The Latin scholar in me see the difference between "so" and "to" as one different dependent clauses. "So" would be a result clause, and "to" would be a purpose clause. I am not sure that either way would be wrong, since Christ's Deity certainly results in the satisfaction of God's justice, but that satisfaction was also a purpose for the Mediator to be God. 
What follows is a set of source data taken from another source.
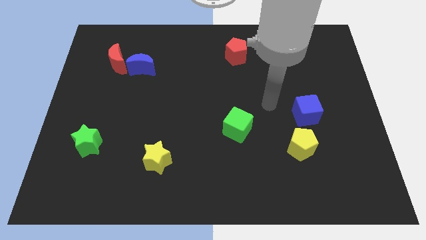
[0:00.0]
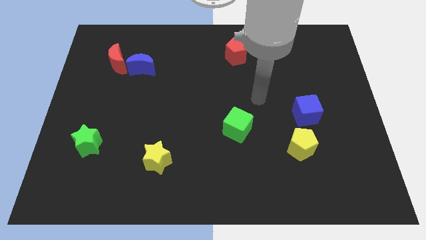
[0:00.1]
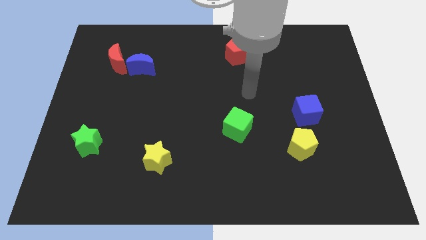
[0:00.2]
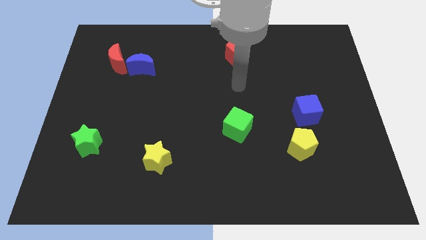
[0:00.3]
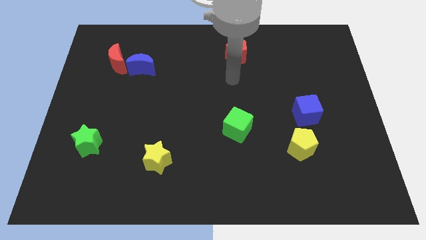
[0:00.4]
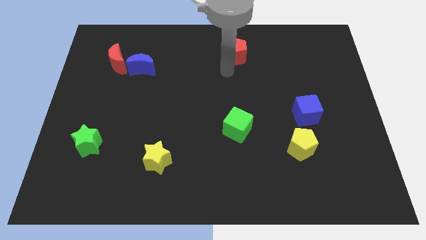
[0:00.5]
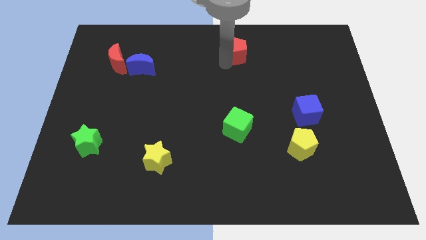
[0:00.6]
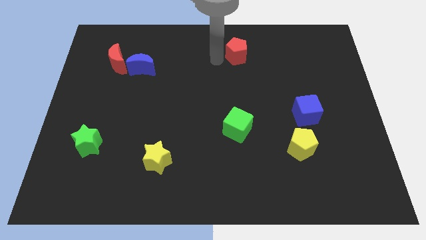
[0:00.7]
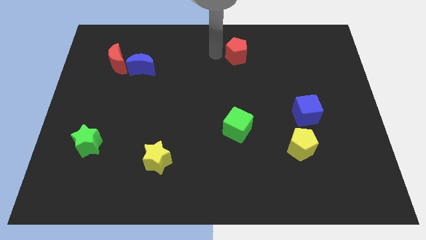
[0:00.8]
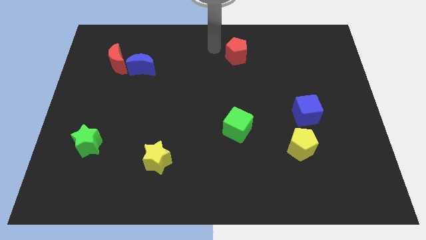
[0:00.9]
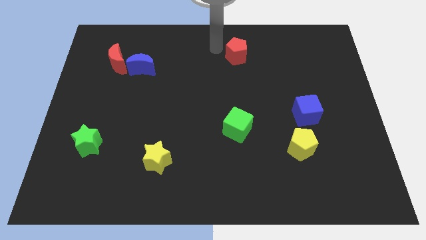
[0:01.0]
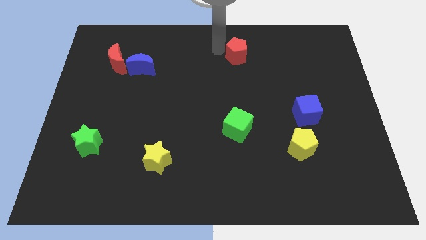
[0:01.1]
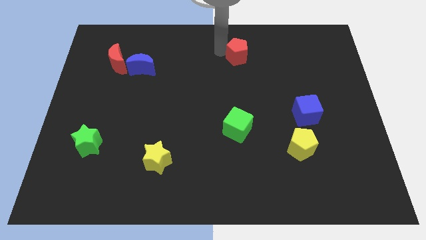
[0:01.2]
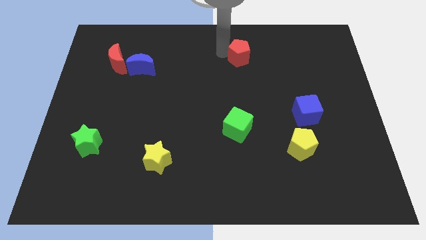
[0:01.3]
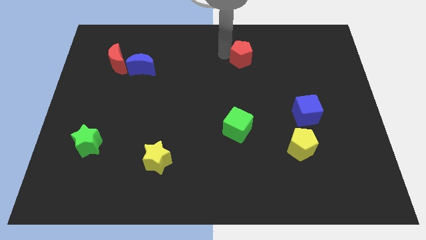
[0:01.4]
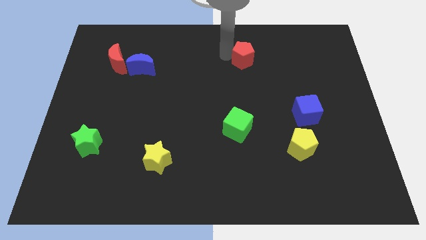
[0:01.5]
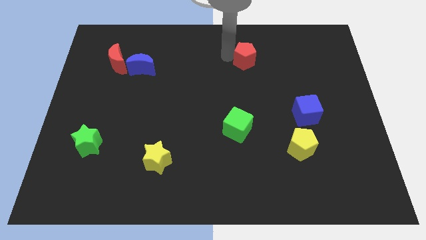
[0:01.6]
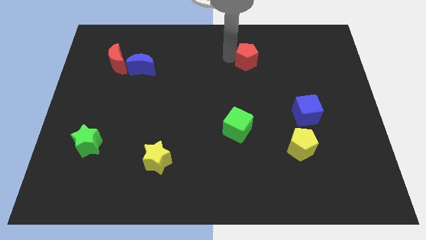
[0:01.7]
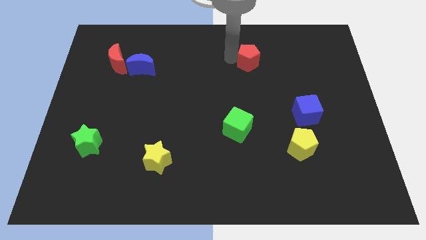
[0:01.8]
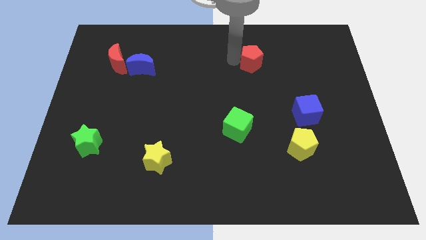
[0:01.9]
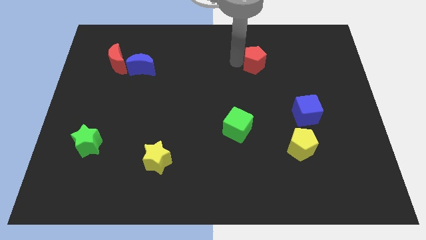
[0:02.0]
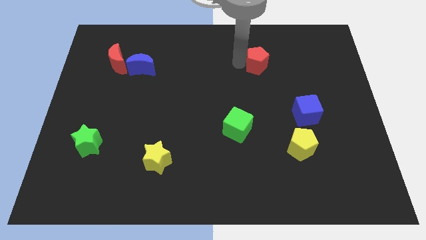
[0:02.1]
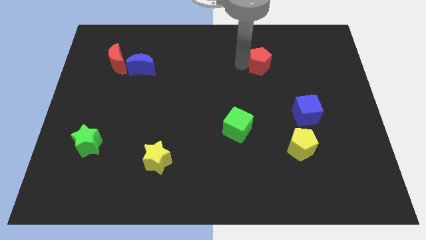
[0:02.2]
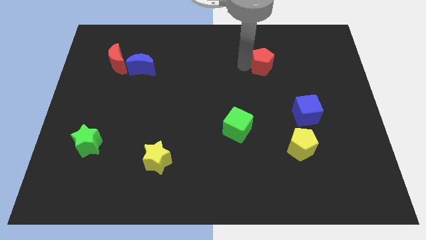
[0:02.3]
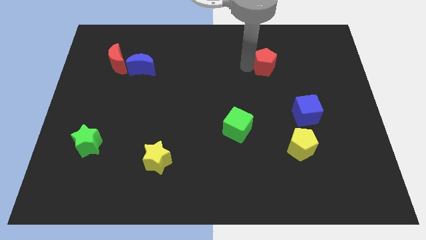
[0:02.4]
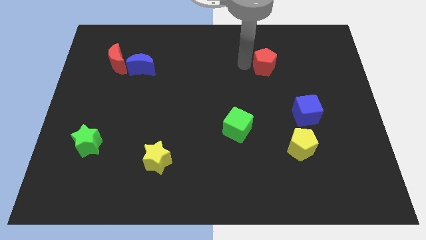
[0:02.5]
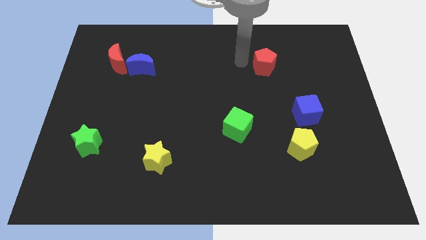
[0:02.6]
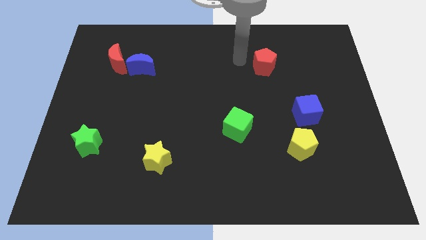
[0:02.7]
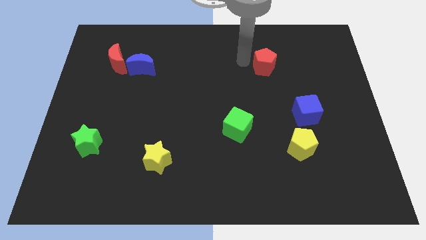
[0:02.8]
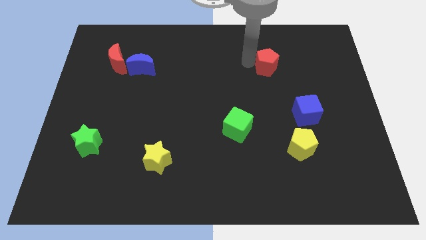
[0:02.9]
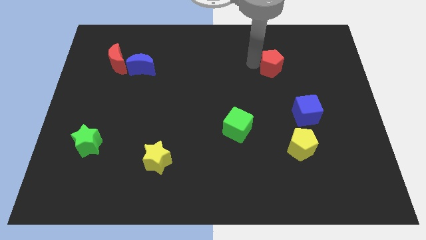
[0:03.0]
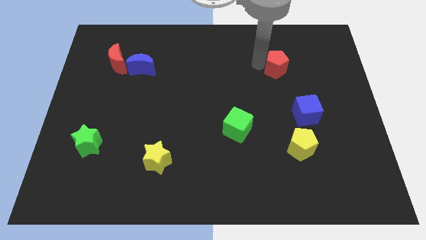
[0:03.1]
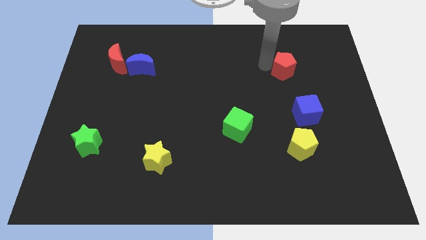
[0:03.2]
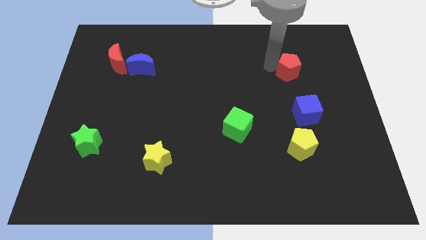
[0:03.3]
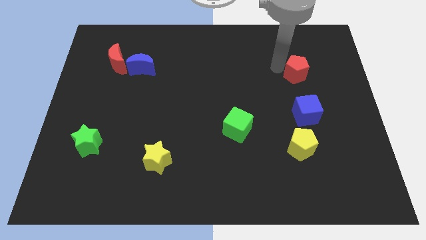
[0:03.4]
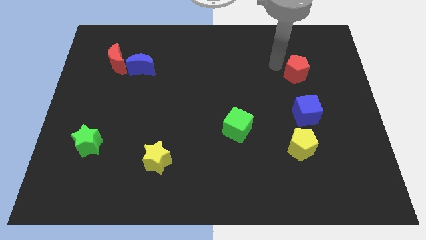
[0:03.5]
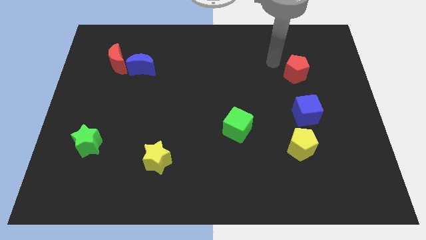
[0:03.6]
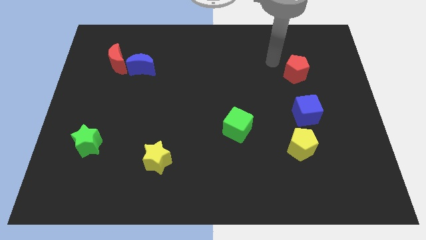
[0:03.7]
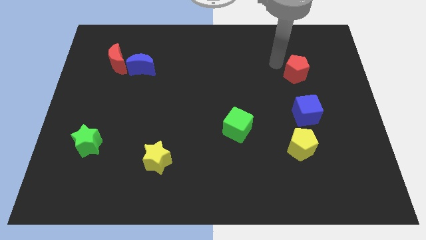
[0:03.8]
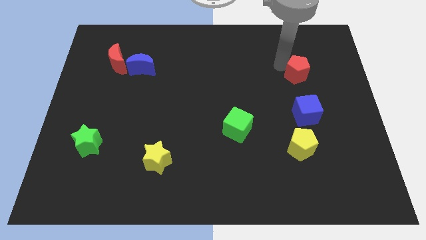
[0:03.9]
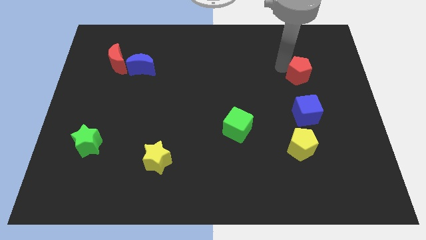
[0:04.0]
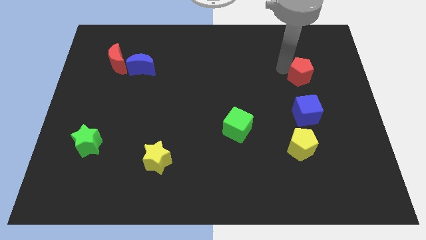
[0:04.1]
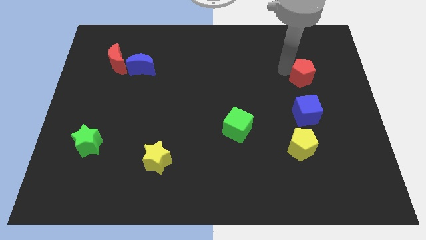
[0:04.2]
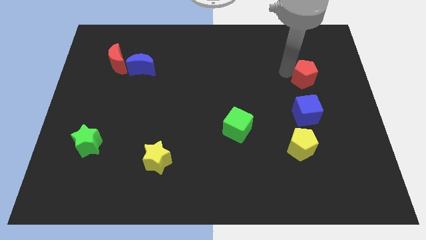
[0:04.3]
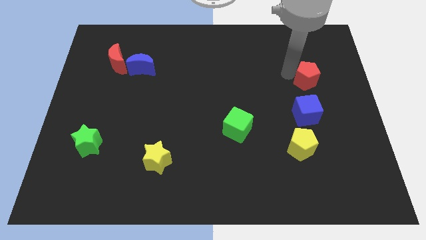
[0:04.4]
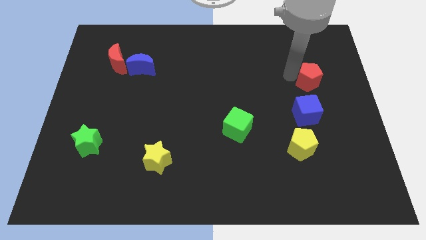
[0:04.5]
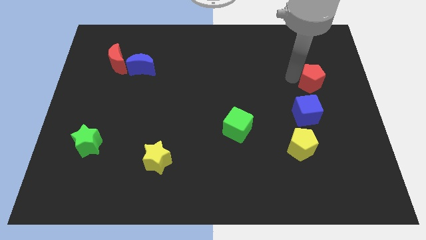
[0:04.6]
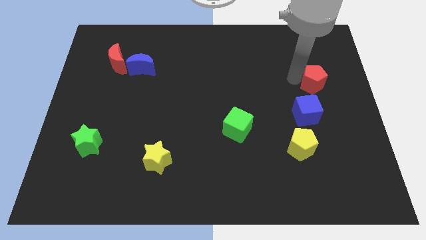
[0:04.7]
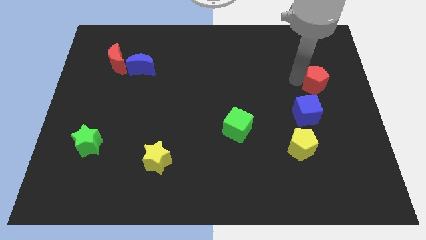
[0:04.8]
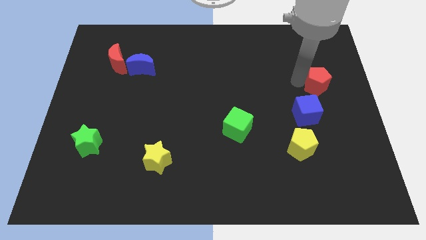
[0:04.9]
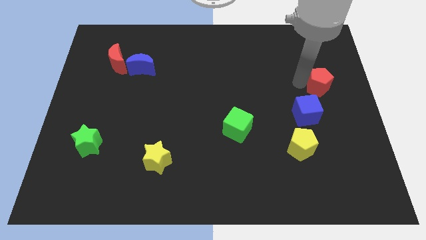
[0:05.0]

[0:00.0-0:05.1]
push the red pentagon to the center right

If you look at the Latin, it could be clear as to whether it was translated as a purpose or a result clause.


----------



## NaphtaliPress (Feb 11, 2007)

Thanks Fred. I'll get a hold of the Latin on WLC38 and post it here.


fredtgreco said:


> Chris,
> 
> The Latin scholar in me see the difference between "so" and "to" as one different dependent clauses. "So" would be a result clause, and "to" would be a purpose clause. I am not sure that either way would be wrong, since Christ's Deity certainly results in the satisfaction of God's justice, but that satisfaction was also a purpose for the Mediator to be God.
> 
> If you look at the Latin, it could be clear as to whether it was translated as a purpose or a result clause.


----------



## fredtgreco (Feb 11, 2007)

NaphtaliPress said:


> Thanks Fred. I'll get a hold of the Latin on WLC38 and post it here.



Great. I'll try and help.


----------



## NaphtaliPress (Feb 12, 2007)

*The Dillingham Latin for Q38 (from the Field of 1659 2nd ed).*

Fred, Matthew and all,
I'm linking a Gif of the page from the Latin below, as that would be more efficient given I would probably make typos in a transcription. It looks like the Latin is Qu[FONT=&quot]ò[/FONT] (quod?). Lefthand page second Q&A.


fredtgreco said:


> Great. I'll try and help.





NaphtaliPress said:


> Thanks Fred. I'll get a hold of the Latin on WLC38 and post it here.


----------



## fredtgreco (Feb 12, 2007)

OK. The gif is not easy to read, but I take the text to be (replacing the old English "s":


> quo iustitiam Dei satisfaceret




So the Latin uses "quo" with a subjunctive verb, which I would take as a final (purpose) clause that is introduced by the comparative "quodanmodo" earlier. So I would translate this "in order that" instead of "with the result that." And I'd likely side with "to" over "so" for that reason.

My two denarii


----------



## NaphtaliPress (Feb 12, 2007)

That's interesting Fred. My problem is that the "to" as far as the English goes is a typo from 100 years after the Assembly. Also, I think Lon's points are on track. There's no question I'll keep the "so" in the text, but what is of interest is coming up with as thorough a critical note on the matter as possible exploring the angles to this; the Latin surely adds one.


fredtgreco said:


> OK. The gif is not easy to read, but I take the text to be (replacing the old English "s":
> 
> 
> 
> ...


----------



## panicbird (Feb 12, 2007)

Perhaps the English typo was influenced by the Latin translation. According to Rev. Winzer, the Latin translation was done in 1656 or thereabouts. The English typo can be traced back to 1744, which leaves 88 years of circulation and memorization. It could be that the man responsible for the initial "to" in 1744 knew the Latin and when he came to a perhaps smudged or unclear "so" (with the elongated "s") his mind immediately thought "to" since that is what the Latin read. Or, upon coming the smudged or unclear "so" he consulted the Latin to see what he thought would be the correct reading. This is, of course, speculation, but, lacking anything else, it is just about all we have to go on.


----------



## fredtgreco (Feb 12, 2007)

panicbird said:


> Perhaps the English typo was influenced by the Latin translation. According to Rev. Winzer, the Latin translation was done in 1656 or thereabouts. The English typo can be traced back to 1744, which leaves 88 years of circulation and memorization. It could be that the man responsible for the initial "to" in 1744 knew the Latin and when he came to a perhaps smudged or unclear "so" (with the elongated "s") his mind immediately thought "to" since that is what the Latin read. Or, upon coming the smudged or unclear "so" he consulted the Latin to see what he thought would be the correct reading. This is, of course, speculation, but, lacking anything else, it is just about all we have to go on.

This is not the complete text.